Not very often that an athlete takes far less money to go to a winning situation.

I didn't say the Orlando situation would be bad, but it certainly isn't a championship team.


----------



## Dissonance (Jul 21, 2004)

Grant Hill speaks

link



> On Thursday, as Grant Hill made a killer whale's splash by announcing that he was coming to Phoenix, he took his 5-year-old daughter, Myla, to SeaWorld in Orlando.
> 
> On Friday, he said he decided to celebrate that move by treating Myla to rides and entertainment at Universal Studios.
> 
> ...


----------



## hogey11 (Aug 30, 2002)

I love this trade. As much as it may seem trivial with all the decent heads they have in the locker room, Grant Hill is a REAL character guy who might be able to bring along Amare and Boris and the other younger guys on the team. You know he's gonna command respect in the locker room from day 1, and he will only add to the chemistry of the team, something that was of question last year around. 

I think this was about the best thing they could have done. Let's face it, the Suns were awesome last year. The biggest problem was the apparent chemistry issue, and now they've made about the best move they could have made to correct that problem in Grant Hill. They'll give it one more go, I think. I still hope they sign Brevin Knight with their MLE and trade Marcus Banks to Utah for Giricek (waive him or 9th man for some shooting), but Sarver might not wanna pay. Also, Marion should be a much more valuable trading piece next year with an expiring deal (unless they can re-sign him on the cheap if they win a championship). 17million in cleared cap space, the summer when Kobe and co. come on the market??? Sign me up please!


----------



## Dissonance (Jul 21, 2004)

Chemistry issues are not a big deal though. They still played like a team on the court despite them. Team's biggest problem last yr was matching up with the Spurs, depth, and Amare and Diaw being morons. 

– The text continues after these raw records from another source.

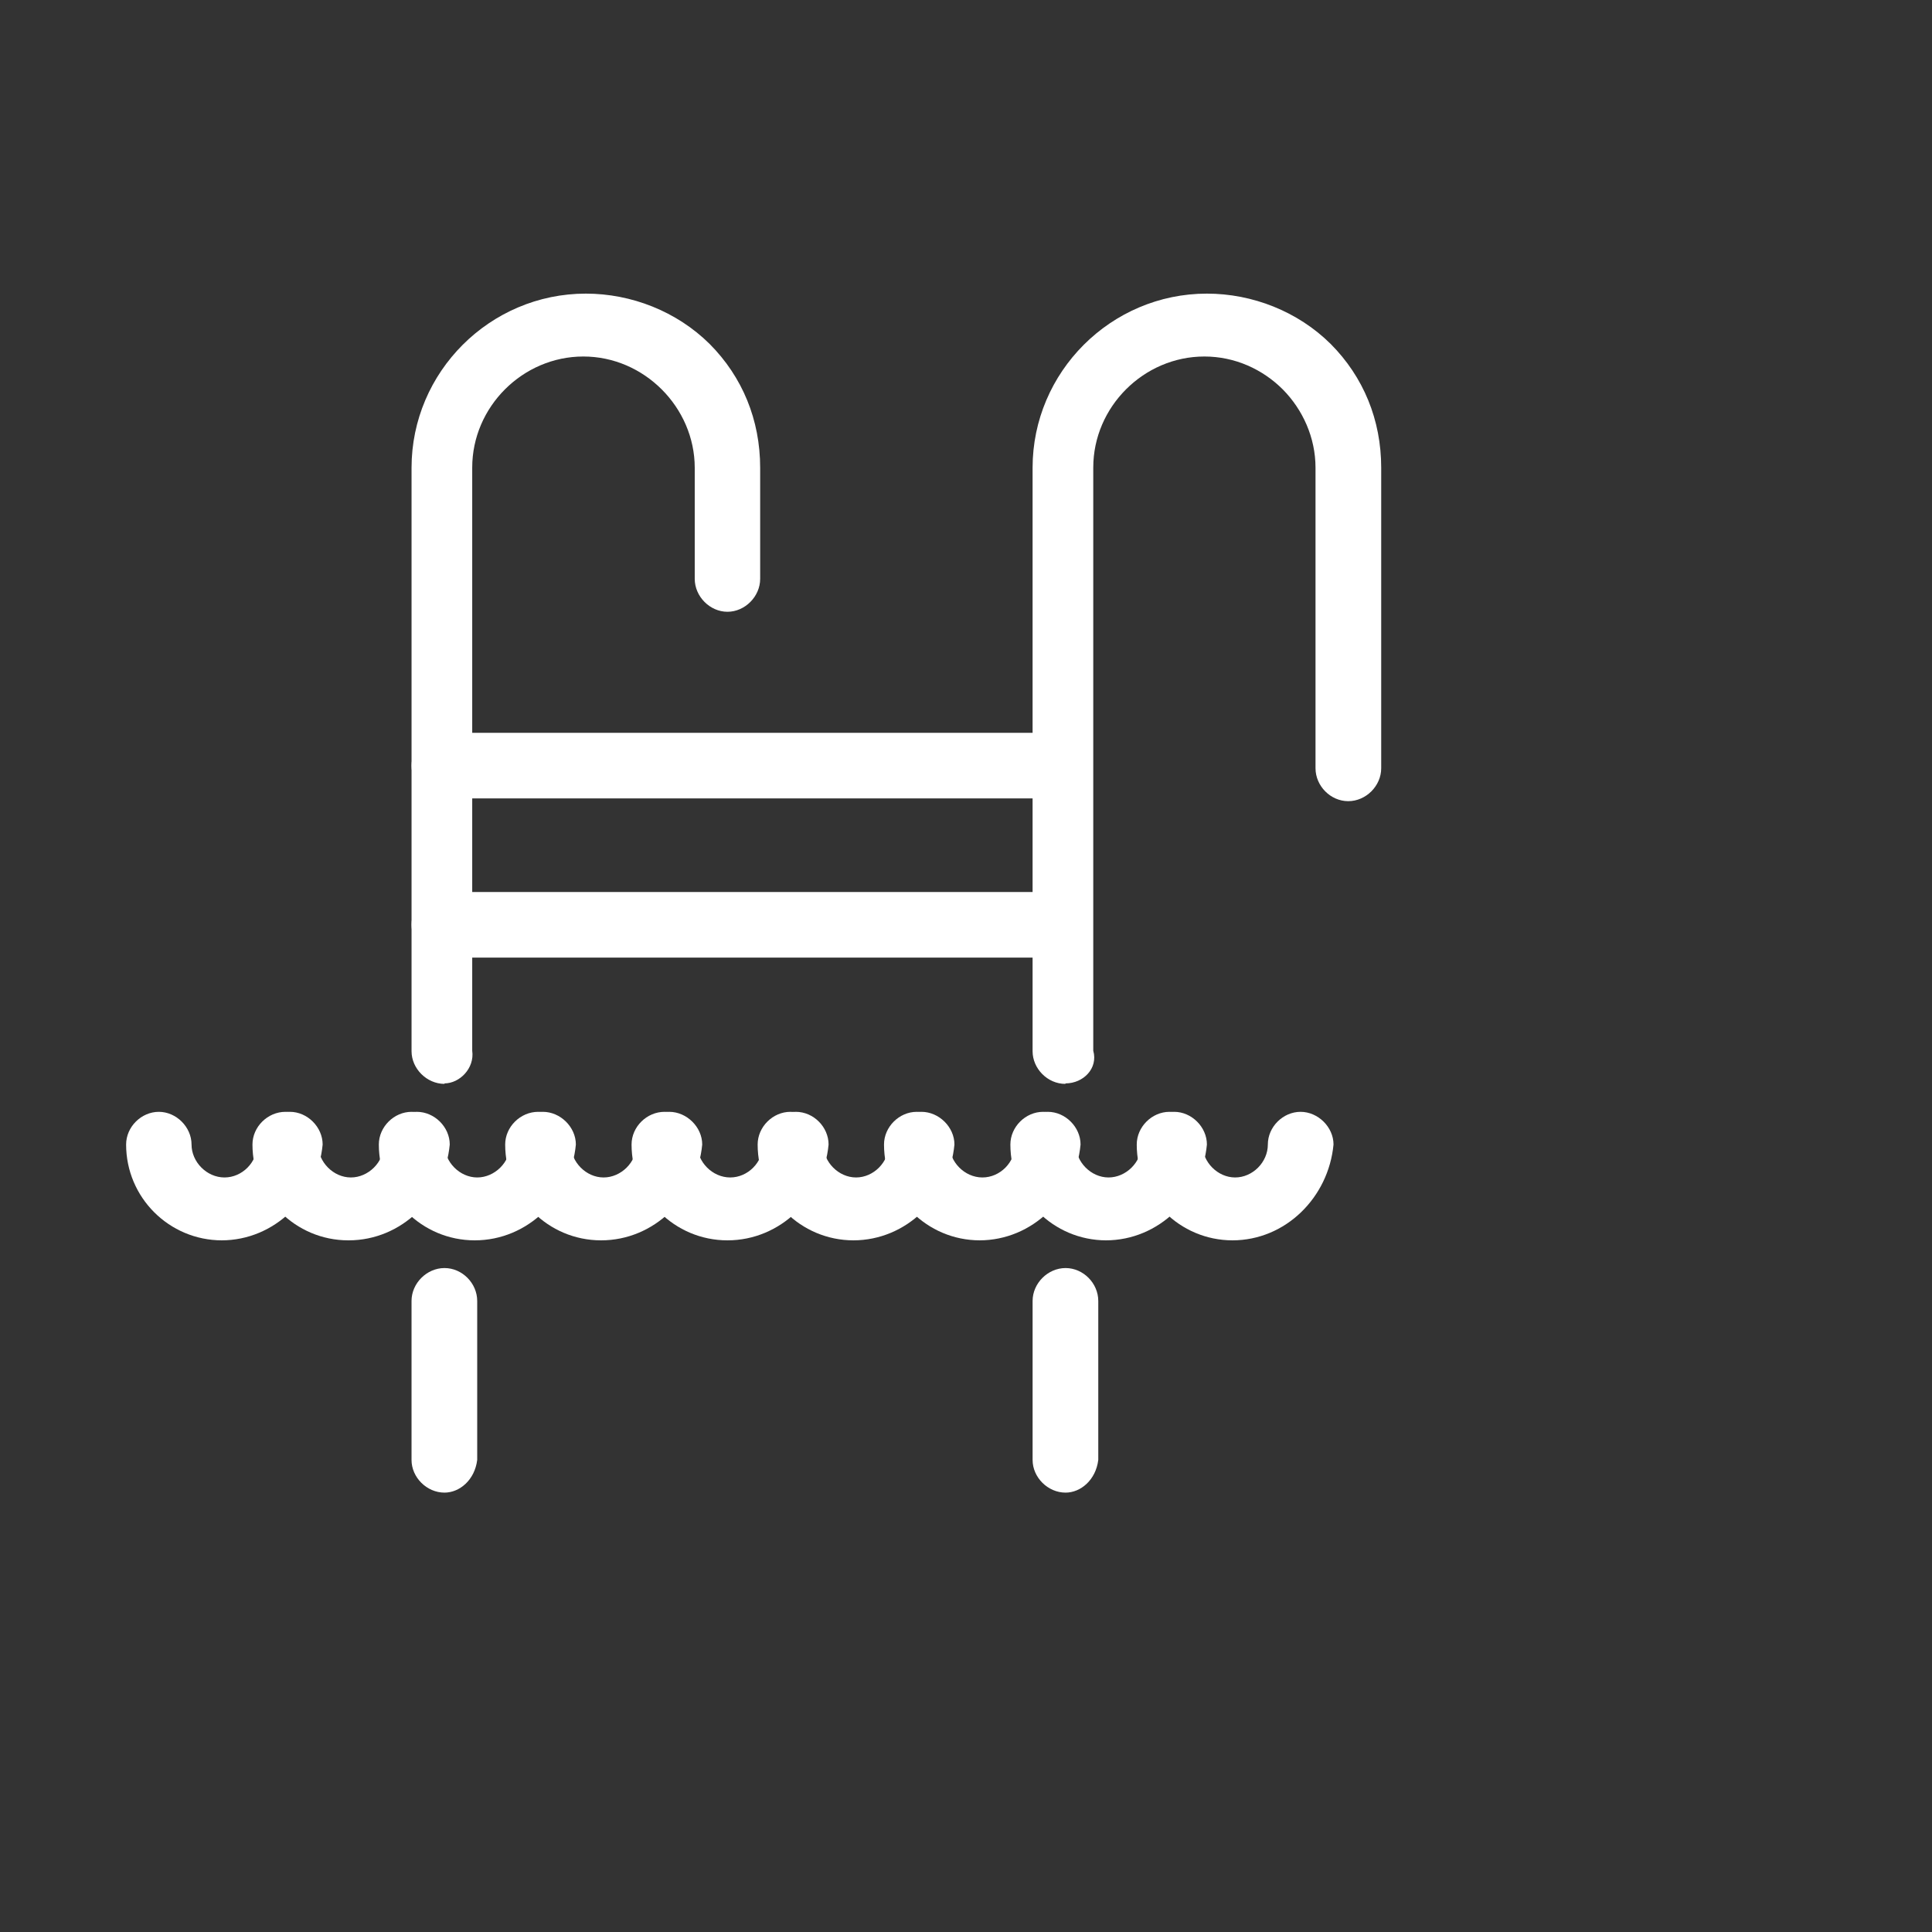 <?xml version="1.0" encoding="UTF-8"?>
<svg xmlns="http://www.w3.org/2000/svg" width="133" height="133" viewBox="0 0 133 133" fill="none">
  <rect x="0" y="0" width="133" height="133" fill="#333333" stroke="none"/>
  <g clip-path="url(#clip0_13107_4766)">
    <path d="M30.6 74.615C29.38 74.615 28.331 73.567 28.331 72.365V32.203C28.331 25.607 33.729 20.213 40.33 20.213C43.459 20.213 46.588 21.433 48.857 23.683C51.109 25.95 52.33 28.905 52.33 32.203V39.847C52.33 41.067 51.281 42.115 50.078 42.115C48.874 42.115 47.826 41.067 47.826 39.847V32.203C47.826 30.125 46.949 28.201 45.556 26.809C44.164 25.418 42.256 24.542 40.158 24.542C35.981 24.542 32.508 28.012 32.508 32.186V72.331C32.68 73.55 31.632 74.581 30.6 74.581V74.615Z" fill="white"></path>
    <path d="M73.336 74.615C72.115 74.615 71.084 73.567 71.084 72.365V32.203C71.084 25.607 76.482 20.213 83.083 20.213C86.212 20.213 89.341 21.433 91.61 23.683C93.862 25.95 95.083 28.905 95.083 32.203V52.885C95.083 54.105 94.034 55.153 92.813 55.153C91.593 55.153 90.561 54.105 90.561 52.885V32.203C90.561 30.125 89.685 28.201 88.309 26.809C86.917 25.418 85.009 24.542 82.911 24.542C78.734 24.542 75.261 28.012 75.261 32.186V72.331C75.605 73.55 74.574 74.581 73.353 74.581L73.336 74.615Z" fill="white"></path>
    <path d="M30.599 102.753C29.379 102.753 28.33 101.705 28.33 100.503V89.56C28.33 88.341 29.379 87.293 30.599 87.293C31.82 87.293 32.851 88.341 32.851 89.56V100.503C32.679 101.894 31.631 102.753 30.599 102.753Z" fill="white"></path>
    <path d="M73.354 102.753C72.134 102.753 71.085 101.705 71.085 100.503V89.56C71.085 88.341 72.134 87.293 73.354 87.293C74.575 87.293 75.606 88.341 75.606 89.56V100.503C75.434 101.894 74.386 102.753 73.354 102.753Z" fill="white"></path>
    <path d="M15.283 85.386C11.639 85.386 8.682 82.431 8.682 78.79C8.682 77.57 9.73 76.539 10.934 76.539C12.137 76.539 13.186 77.587 13.186 78.79C13.186 79.992 14.234 81.057 15.455 81.057C16.675 81.057 17.707 80.009 17.707 78.79C17.707 77.57 18.756 76.539 19.959 76.539C21.162 76.539 22.211 77.587 22.211 78.79C21.867 82.431 18.91 85.386 15.249 85.386H15.283Z" fill="white"></path>
    <path d="M23.981 85.386C20.337 85.386 17.38 82.431 17.38 78.79C17.38 77.57 18.428 76.539 19.649 76.539C20.87 76.539 21.901 77.587 21.901 78.79C21.901 79.992 22.95 81.057 24.153 81.057C25.357 81.057 26.422 80.009 26.422 78.79C26.422 77.57 27.471 76.539 28.692 76.539C29.912 76.539 30.961 77.587 30.961 78.79C30.617 82.431 27.66 85.386 23.998 85.386H23.981Z" fill="white"></path>
    <path d="M32.68 85.386C29.036 85.386 26.079 82.431 26.079 78.79C26.079 77.57 27.128 76.539 28.331 76.539C29.535 76.539 30.6 77.587 30.6 78.79C30.6 79.992 31.649 81.057 32.852 81.057C34.056 81.057 35.122 80.009 35.122 78.79C35.122 77.57 36.17 76.539 37.374 76.539C38.577 76.539 39.643 77.587 39.643 78.79C39.299 82.431 36.342 85.386 32.68 85.386Z" fill="white"></path>
    <path d="M41.379 85.386C37.734 85.386 34.777 82.431 34.777 78.79C34.777 77.57 35.826 76.539 37.047 76.539C38.267 76.539 39.299 77.587 39.299 78.79C39.299 79.992 40.347 81.057 41.551 81.057C42.754 81.057 43.82 80.009 43.82 78.79C43.82 77.57 44.868 76.539 46.072 76.539C47.275 76.539 48.341 77.587 48.341 78.79C47.997 82.431 45.04 85.386 41.379 85.386Z" fill="white"></path>
    <path d="M50.078 85.386C46.433 85.386 43.477 82.431 43.477 78.79C43.477 77.57 44.525 76.539 45.746 76.539C46.966 76.539 47.998 77.587 47.998 78.79C47.998 79.992 49.046 81.057 50.267 81.057C51.488 81.057 52.519 80.009 52.519 78.79C52.519 77.57 53.568 76.539 54.788 76.539C56.009 76.539 57.04 77.587 57.04 78.79C56.696 82.431 53.74 85.386 50.078 85.386Z" fill="white"></path>
    <path d="M58.759 85.386C55.114 85.386 52.157 82.431 52.157 78.79C52.157 77.57 53.206 76.539 54.409 76.539C55.613 76.539 56.678 77.587 56.678 78.79C56.678 79.992 57.727 81.057 58.931 81.057C60.134 81.057 61.182 80.009 61.182 78.79C61.182 77.57 62.231 76.539 63.434 76.539C64.638 76.539 65.704 77.587 65.704 78.79C65.36 82.431 62.403 85.386 58.741 85.386H58.759Z" fill="white"></path>
    <path d="M67.458 85.386C63.813 85.386 60.856 82.431 60.856 78.79C60.856 77.57 61.905 76.539 63.108 76.539C64.312 76.539 65.361 77.587 65.361 78.79C65.361 79.992 66.409 81.057 67.63 81.057C68.85 81.057 69.882 80.009 69.882 78.79C69.882 77.57 70.93 76.539 72.134 76.539C73.337 76.539 74.386 77.587 74.386 78.79C74.042 82.431 71.085 85.386 67.423 85.386H67.458Z" fill="white"></path>
    <path d="M76.156 85.386C72.511 85.386 69.555 82.431 69.555 78.79C69.555 77.57 70.603 76.539 71.807 76.539C73.01 76.539 74.059 77.587 74.059 78.79C74.059 79.992 75.107 81.057 76.311 81.057C77.514 81.057 78.58 80.009 78.58 78.79C78.58 77.57 79.629 76.539 80.832 76.539C82.035 76.539 83.084 77.587 83.084 78.79C82.74 82.431 79.783 85.386 76.122 85.386H76.156Z" fill="white"></path>
    <path d="M84.855 85.386C81.211 85.386 78.254 82.431 78.254 78.79C78.254 77.57 79.303 76.539 80.506 76.539C81.709 76.539 82.775 77.587 82.775 78.79C82.775 79.992 83.824 81.057 85.027 81.057C86.231 81.057 87.279 80.009 87.279 78.79C87.279 77.57 88.328 76.539 89.531 76.539C90.735 76.539 91.8 77.587 91.8 78.79C91.457 82.431 88.5 85.386 84.838 85.386H84.855Z" fill="white"></path>
    <path d="M71.807 65.923H30.6C29.38 65.923 28.331 64.876 28.331 63.656C28.331 62.436 29.38 61.406 30.6 61.406H71.996C73.217 61.406 74.248 62.453 74.248 63.656C74.248 64.858 73.028 65.923 71.807 65.923Z" fill="white"></path>
    <path d="M71.807 54.964H30.6C29.38 54.964 28.331 53.916 28.331 52.714C28.331 51.511 29.38 50.446 30.6 50.446H71.996C73.217 50.446 74.248 51.494 74.248 52.714C74.248 53.933 73.028 54.964 71.807 54.964Z" fill="white"></path>
  </g>
  <defs>
    <clipPath id="clip0_13107_4766">
      <rect width="100" height="98" fill="white" transform="translate(8.682 9.271)"></rect>
    </clipPath>
  </defs>
</svg>

Marion's expiring deal is not a valuable piece really. 17M is a lot to match and he will threaten to not sign an extension or opt out any time before July 1 if they put him any deal.

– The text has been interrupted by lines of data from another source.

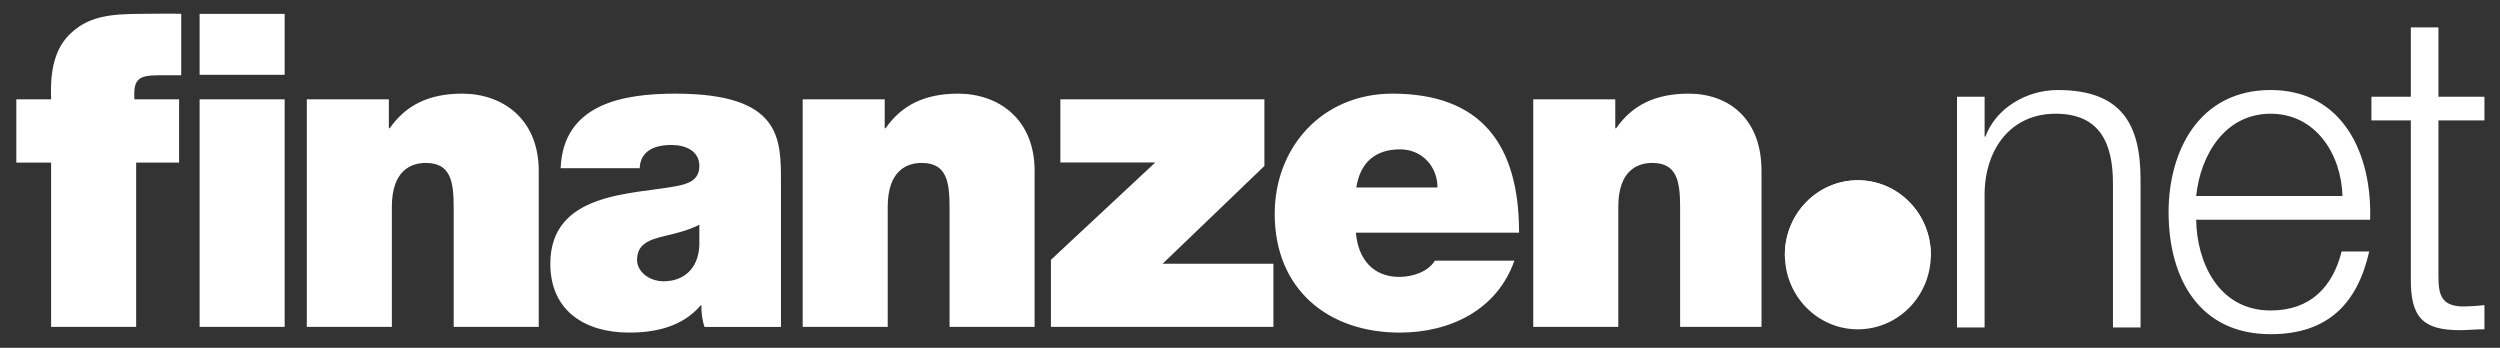 <?xml version="1.0" encoding="utf-8"?>
<svg xmlns="http://www.w3.org/2000/svg" width="230" height="32" viewBox="0 0 230 32" fill="none">
  <rect x="0" y="0" width="230" height="32" fill="#333333" stroke="none"/>
  <path fill-rule="evenodd" clip-rule="evenodd" d="M18.365 30.074H26.188V9.141H18.365V30.074ZM18.365 6.882H26.188V1.275H18.365V6.882ZM4.702 30.074H12.526V14.96H16.476V9.14H12.367C12.248 7.206 12.793 6.924 14.69 6.924H16.672V1.273C15.487 1.233 14.342 1.273 13.156 1.273C9.996 1.273 8.02 1.516 6.319 3.251C4.82 4.783 4.622 7.083 4.702 9.14H1.501V14.96H4.702V30.074ZM28.227 30.074H36.051V19.023C36.051 15.674 37.828 14.989 39.171 14.989C41.463 14.989 41.74 16.684 41.74 19.104V30.074H49.563V15.715C49.563 10.916 46.205 8.616 42.531 8.616C39.408 8.616 37.314 9.705 35.853 11.802H35.774V9.14H28.227V30.074ZM64.34 22.612C64.221 24.79 62.838 25.878 61.062 25.878C59.639 25.878 58.611 24.912 58.611 23.943C58.611 22.53 59.521 22.089 61.258 21.684C62.326 21.443 63.393 21.16 64.34 20.676V22.612ZM71.848 16.804C71.848 12.77 71.927 8.616 62.129 8.616C57.268 8.616 51.815 9.583 51.579 15.473H58.849C58.888 14.585 59.362 13.336 61.773 13.336C63.037 13.336 64.34 13.859 64.34 15.271C64.34 16.603 63.274 16.924 62.207 17.127C58.215 17.893 50.63 17.65 50.63 24.266C50.63 28.663 53.91 30.598 57.861 30.598C60.39 30.598 62.799 30.034 64.459 28.098H64.538C64.499 28.663 64.617 29.511 64.815 30.076H71.848V16.804ZM73.847 30.074H81.671V19.023C81.671 15.674 83.448 14.989 84.791 14.989C87.083 14.989 87.36 16.684 87.36 19.104V30.074H95.183V15.715C95.183 10.916 91.825 8.616 88.15 8.616C85.028 8.616 82.934 9.705 81.471 11.802H81.393V9.14H73.847V30.074ZM96.687 30.074H117.153V24.266H106.96L116.324 15.271V9.14H97.554V14.949H106.286L96.686 23.903V30.076L96.687 30.074ZM124.78 17.247C125.137 14.989 126.48 13.74 128.811 13.74C130.824 13.74 132.248 15.312 132.248 17.247H124.78ZM139.755 21.403C139.755 13.255 136.239 8.616 128.1 8.616C121.619 8.616 117.273 13.578 117.273 19.667C117.273 26.646 122.211 30.599 128.77 30.599C133.432 30.599 137.739 28.5 139.322 23.983H132.011C131.38 24.992 129.995 25.475 128.732 25.475C126.282 25.475 124.939 23.783 124.741 21.403H139.755ZM141.059 30.074H148.883V19.023C148.883 15.674 150.662 14.989 152.003 14.989C154.294 14.989 154.571 16.684 154.571 19.104V30.074H162.059V15.715C162.059 10.916 159.038 8.616 155.361 8.616C152.241 8.616 150.146 9.705 148.684 11.802H148.606V9.14H141.059V30.074ZM180.044 8.9H182.584V12.561H182.663C183.591 10.011 186.373 8.282 189.314 8.282C195.157 8.282 196.93 11.409 196.93 16.469V30.128H194.392V16.881C194.392 13.22 193.223 10.462 189.112 10.462C185.081 10.462 182.663 13.59 182.582 17.746V30.128H180.044V8.9ZM215.509 18.033C215.389 14.124 213.011 10.462 208.901 10.462C204.748 10.462 202.452 14.166 202.049 18.033H215.509ZM202.049 20.213C202.09 23.998 204.022 28.564 208.901 28.564C212.607 28.564 214.625 26.343 215.431 23.133H217.968C216.881 27.947 214.14 30.745 208.901 30.745C202.292 30.745 199.51 25.561 199.51 19.514C199.51 13.919 202.292 8.282 208.901 8.282C215.59 8.282 218.251 14.249 218.049 20.213H202.049ZM224.335 8.9H228.568V11.079H224.337V25.396C224.337 27.083 224.577 28.071 226.389 28.193C227.116 28.193 227.842 28.152 228.568 28.071V30.291C227.801 30.291 227.075 30.375 226.311 30.375C222.926 30.375 221.757 29.222 221.797 25.602V11.079H218.17V8.9H221.797V2.521H224.337V8.899L224.335 8.9Z" fill="white"/>
  <path fill-rule="evenodd" clip-rule="evenodd" d="M170.922 30.297C174.631 30.297 177.637 27.227 177.637 23.442C177.637 19.655 174.631 16.585 170.922 16.585C167.212 16.585 164.207 19.655 164.207 23.442C164.207 27.227 167.212 30.297 170.922 30.297Z" fill="white"/>
  <path fill-rule="evenodd" clip-rule="evenodd" d="M170.922 22.385C173.793 22.385 176.295 23.966 177.626 23.671C177.629 23.594 177.637 23.52 177.637 23.442C177.637 19.655 174.631 16.585 170.922 16.585C167.212 16.585 164.207 19.655 164.207 23.442C164.207 23.52 164.215 23.594 164.217 23.671C165.547 23.967 168.049 22.385 170.922 22.385Z" fill="white"/>
</svg>

Kobe is a FA in 09. But yeah, that FA class is insane. Not sure what our cap would be if Marion did opt out, so who knows what the team could afford. I don't think he opts out unless he gets an extension and maybe takes a lil less.


----------



## Jammin (Jul 3, 2005)

I bet D'Antoni gives him the Rose treatment after the first 2 or 3 months of playing.


----------



## Dissonance (Jul 21, 2004)

Jammin said:


> I bet D'Antoni gives him the Rose treatment after the first 2 or 3 months of playing.



Hill >>>>>>>>>>>>>>>>> Rose.

Rose didn't fit. Plus, no more James Jones, so he needs to play him.


----------